Go through the material below and copy all lines with "Answer".

*** MATERIAL FOR THIS TASK

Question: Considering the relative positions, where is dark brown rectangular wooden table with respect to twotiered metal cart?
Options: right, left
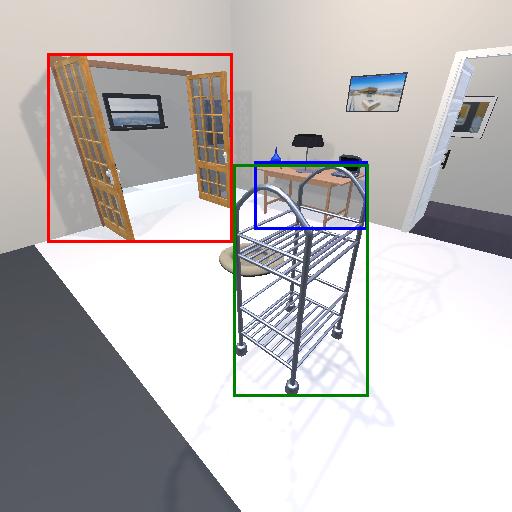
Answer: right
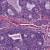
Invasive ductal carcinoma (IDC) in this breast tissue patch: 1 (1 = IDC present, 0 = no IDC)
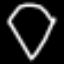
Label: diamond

******
*** MATERIAL FOR THIS TASK

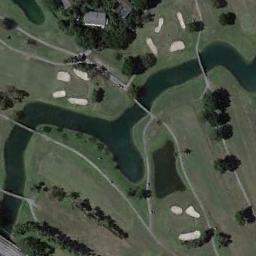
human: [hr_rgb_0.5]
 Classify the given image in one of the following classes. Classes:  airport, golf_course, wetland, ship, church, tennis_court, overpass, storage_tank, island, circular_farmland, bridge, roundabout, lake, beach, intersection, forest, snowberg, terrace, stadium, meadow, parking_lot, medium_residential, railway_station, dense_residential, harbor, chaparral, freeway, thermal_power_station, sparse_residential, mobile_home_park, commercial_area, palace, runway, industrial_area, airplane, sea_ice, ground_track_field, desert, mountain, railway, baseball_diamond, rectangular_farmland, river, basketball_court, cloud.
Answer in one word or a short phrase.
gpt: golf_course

******

**REPLY:**
Answer: right
Answer in one word or a short phrase.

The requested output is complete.